Your story is that of the waves, which break at our ankles and, sometimes, whip our faces. One and the same story, one and the same wave. Now full of strength, now so weak it seems wounded. And we watch it, passively, because it asks nothing of us, but carries us beyond the shores, where the sun rises and sets, as if dark and light joined together for us.

~ Edmond Jabes, The Book of Questions

Water is an element of totality and infinity, immersion, transformation and purification. God is called a "well of living waters"; Israel is born in its passage through the Sea of Reeds. Torah is called "water", and when we learn we see ourselves as immersed in "the sea of Talmud". Water is endless, boundless. But it is also without identity, it crosses boundaries and erases human traces—Reuven is "unstable like water" because he commits incest. And water, of course, is the element with which God destroys the world in Noah's time.

          In Pirkey Avot, Ben Bag-Bag says about the Torah, "Turn her and turn her for everything is in her." Like water, like the ocean, Torah is thought to be teeming, thriving, kaleidoscopic; like life, full of change and growth, including the change we call death; like water, full of power, strength, and also weakness, a source of healing and destruction. Like the ocean, in whose depths dark and light are joined together.

          This is a romantic view of the Torah, but it is not totalizing, essentializing, or foundationalist. That is because the "sea" of learning includes all goods and all evils. It is without one essence because it is full of many essences, because its essence is the trace of every seeker who was ever immersed in it. This is not only a sensual way of thinking about tradition. It also happens to flow naturally from traditional metaphors into the models or molds left by the postmodern negation of modernity.

          In traditional Jewish texts, most interpretation is explicitly contexture, wrenching pieces of text from another place and distorting them into new wholes. The most important genre of text is the commentary. As a result, intertextuality and reader-centered hermeneutics are the surface patterns and not just the undercurrents of rabbinic Judaism. One of the most irreducibly Jewish genres, Talmudic literature, is an extraordinary embodiment of the principle of multivocality, eschewing closure, embracing contradiction. Hermeneutical principles which postmodernism uses to deconstruct a text, to break down its meaning, in Jewish tradition are used to define a way of sacred reading, a process by which we construct the holiness of the text.
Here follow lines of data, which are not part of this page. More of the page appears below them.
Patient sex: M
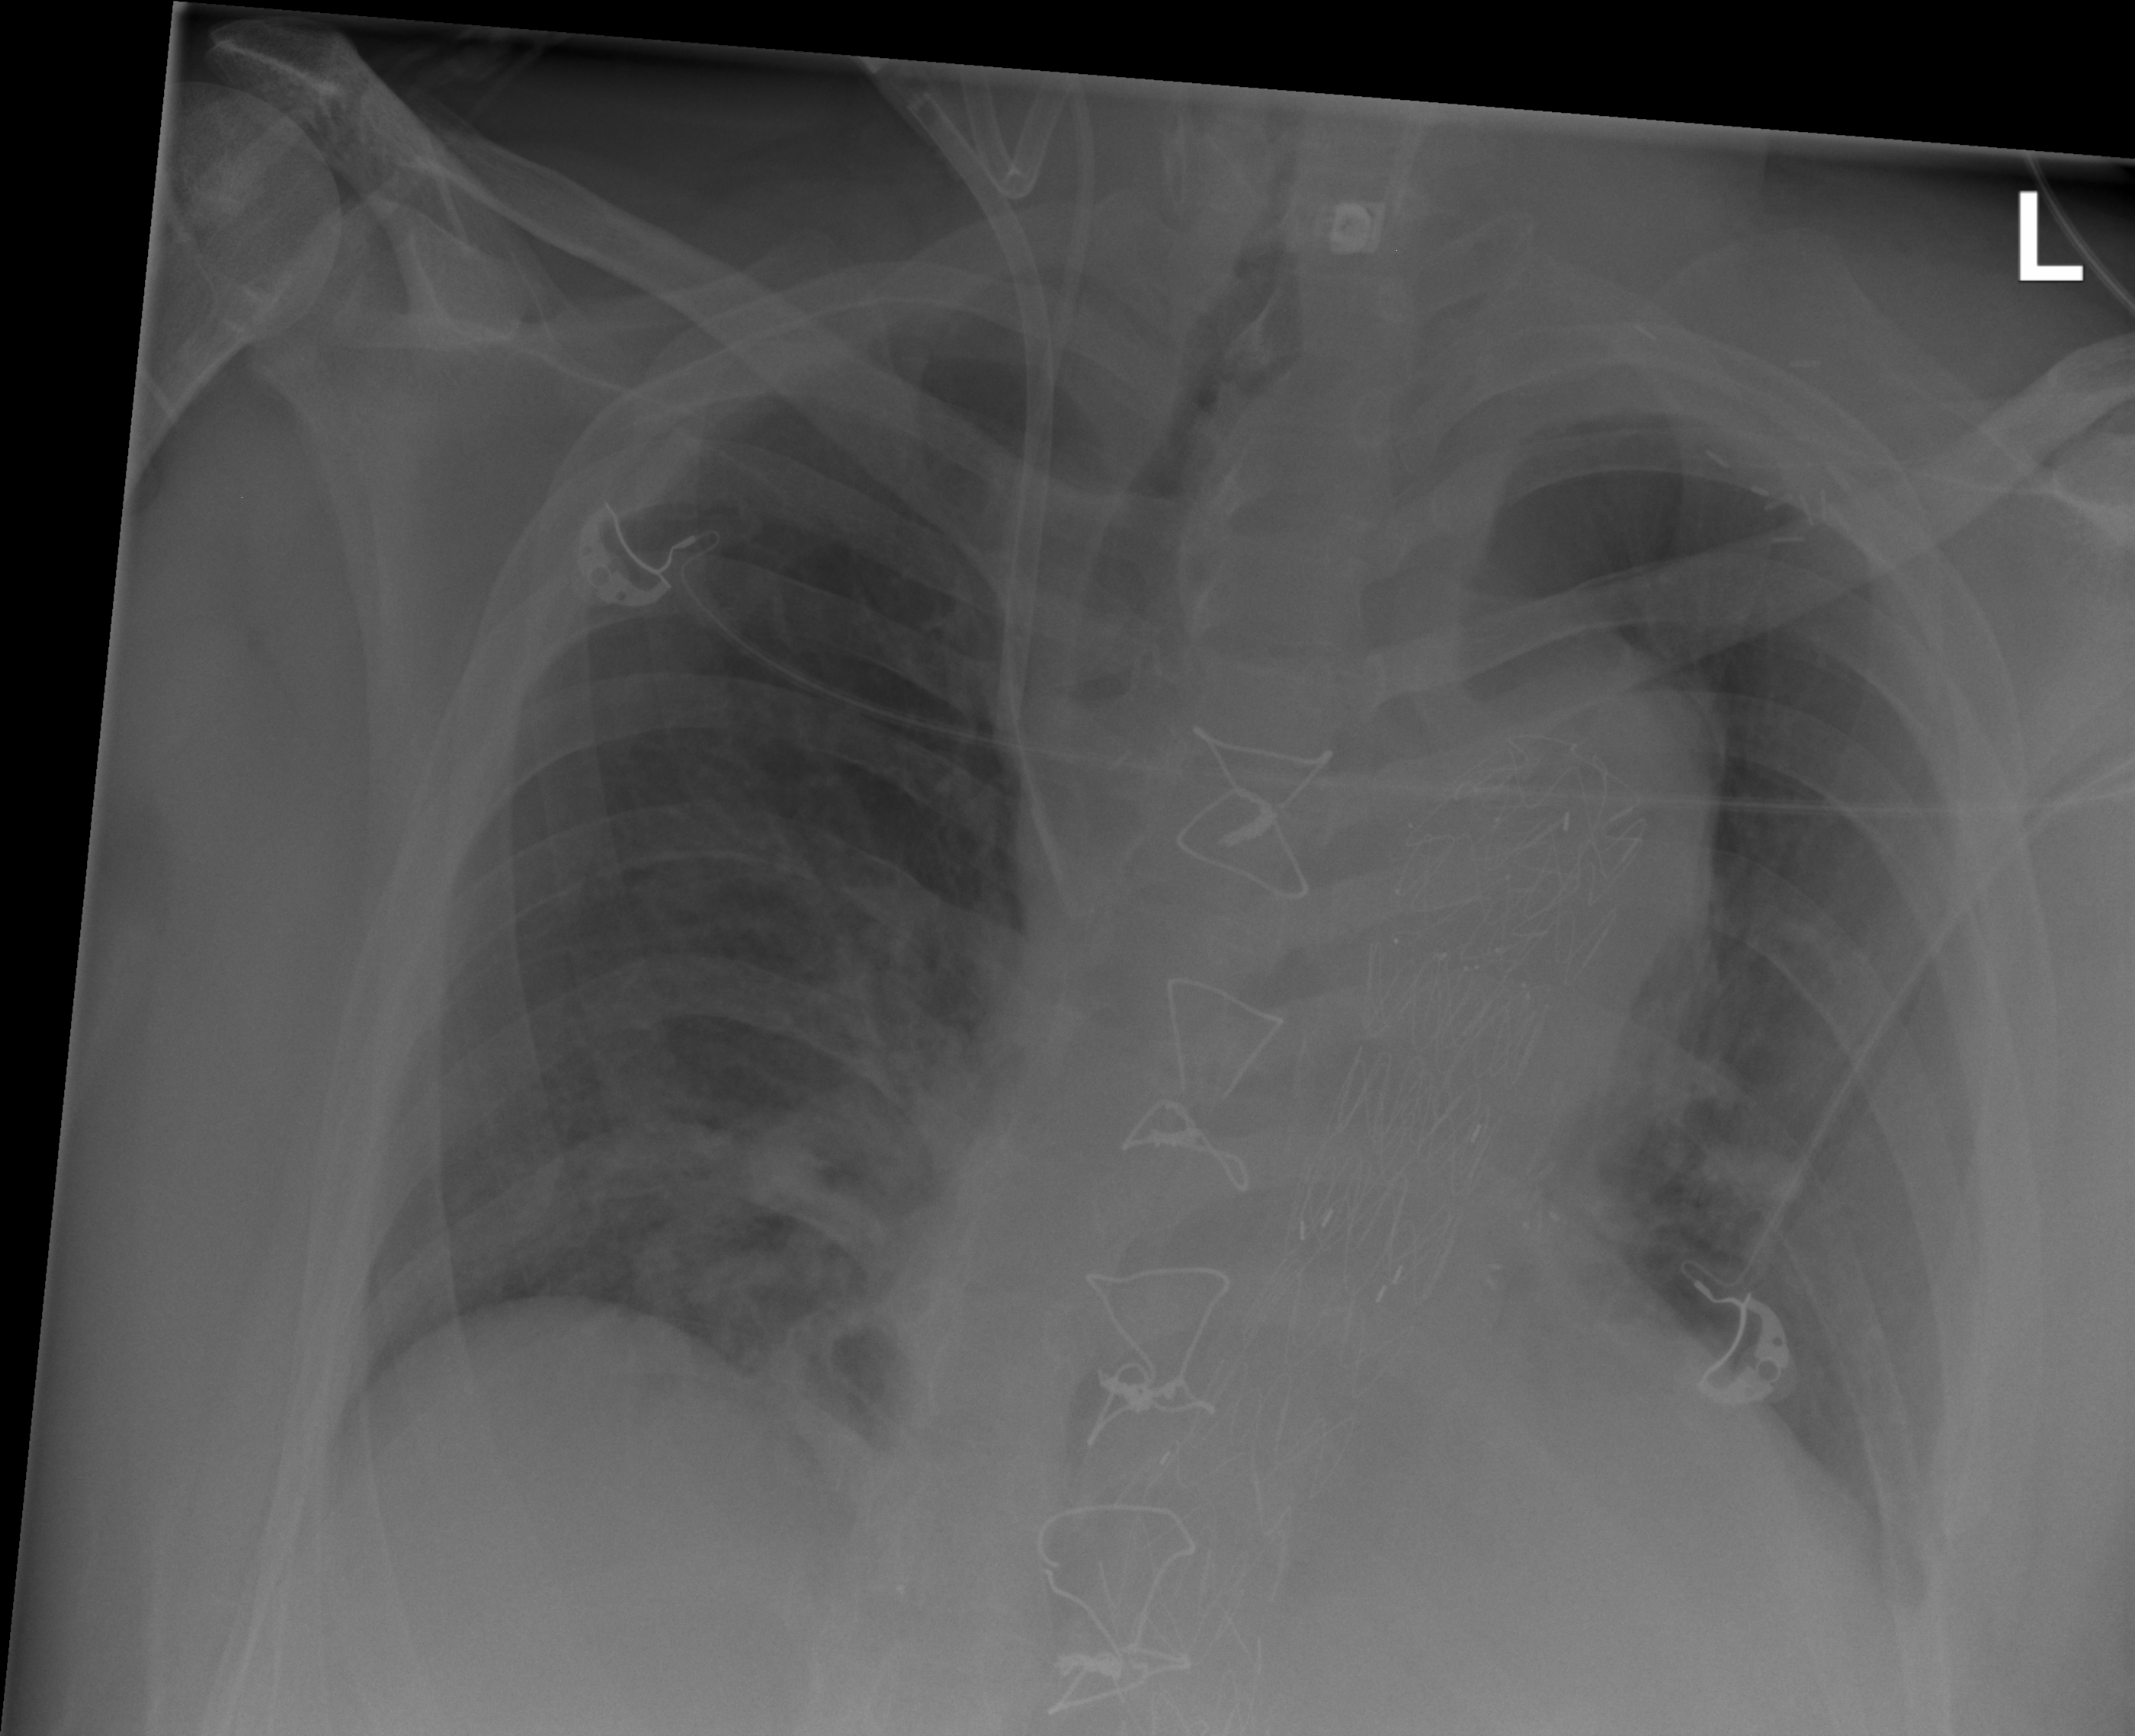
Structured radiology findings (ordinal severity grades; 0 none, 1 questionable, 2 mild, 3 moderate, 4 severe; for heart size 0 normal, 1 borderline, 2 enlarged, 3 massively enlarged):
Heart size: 0
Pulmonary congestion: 2
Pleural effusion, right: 0
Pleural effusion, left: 2
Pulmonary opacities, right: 0
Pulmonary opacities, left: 0
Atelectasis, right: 0
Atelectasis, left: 1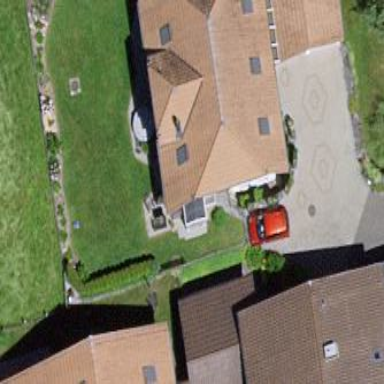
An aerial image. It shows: Residential building.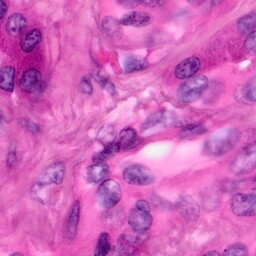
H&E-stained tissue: Pancreatic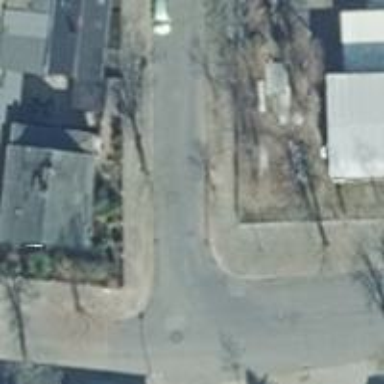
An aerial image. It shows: Asphalt road in residential area.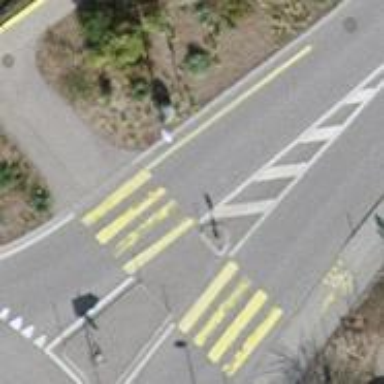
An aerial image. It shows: Uncontrolled crossing with zebra marking and island.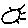
Label: sun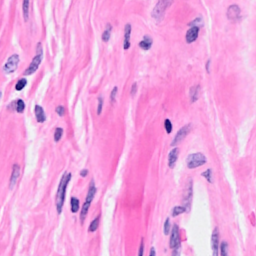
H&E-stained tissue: Breast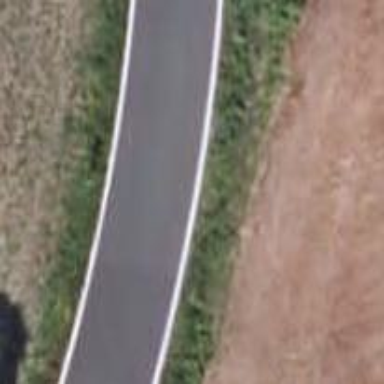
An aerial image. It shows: Tertiary road with asphalt surface.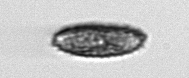
Label: Pseudochattonella_farcimen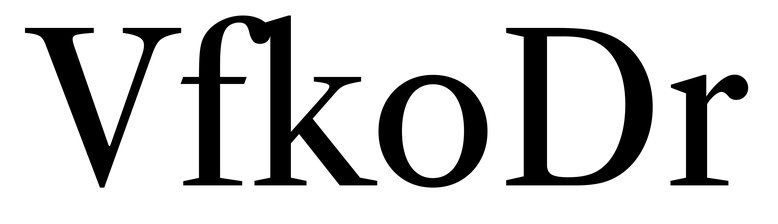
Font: LibreCaslonText_Regular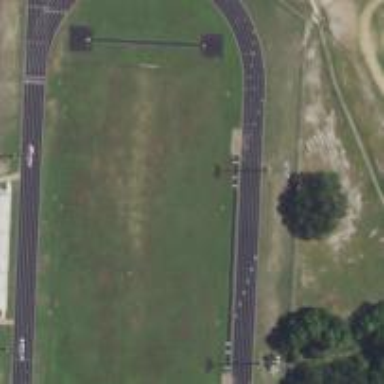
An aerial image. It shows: Athletic track located in leisure land area.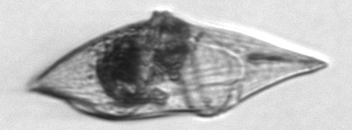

          Focusing on these elements of Rabbinic tradition creates a new picture of the "essence" of Judaism. We could call this way of looking at Jewishness "postmodern" because of its resonance with postmodern aspirations. Though it is as essentializing as modernist interpretations of Judaism, it is based on a kind of inner vision—Judaism from the inside—like the colors one sees with one's eyes closed (to quote the Zohar), or like listening under water. It describes a way of hearing, rather than defining what we see. It contrasts with modernist interpretations by being directed in and toward a sense of self, rather than being defined by some external or universalizing principle (whether that be monotheism, or tikkun olam/justice, or any other) which ultimately undermines ethnic identity.

          Certain styles of postmodernism have become enamored with Jewish questions and Jewish ways of reading, and (contrary to correct postmodern principles) with Jewish "essences", because of these resonances between rabbinic and postmodern styles. As a result, images of midrash and Talmud have become standard models for some postmodern philosophers. This is all "good for the Jews", giving our most peculiar texts entry into the most important salons of Western civilization (though it is not always good for clear thinking).

          Two philosophers (both Jews) who were important catalysts for this trend are Jacques Derrida and Emmanuel Levinas. Their works deny the centrality of ontology, the Athenan/Minervan image of Being emerging whole-born from the philosopher's lonely head, which has dominated Western thought for many centuries. Instead, they emphasize meaning as emerging from relationship, writing, contradiction, from the encounter with what is other. There are important disagreements between them, but both focus people's attention on the other side of universalism, of system-building, the search for "authentic" being in the self. This other is the side where one can see imperialism, alienation, authoritarianism.

          Once we see things from the other side of modernity, its sitra 'achra, we are called to affirm a new "purity" of meaning. For Levinas this means that understanding and knowledge emerge from ethical relationships, rather than from ontological analysis. For Derrida, however, the undecidability of ethical choices and values continuously erodes categories of righteousness. Both teach us to undermine systematizing thought, to embrace what Levinas describes as "the height of the Other". A perfect epistemological platform, as it were, for what is seen as the opposition of "Jewish" ethics to "Greek" Being.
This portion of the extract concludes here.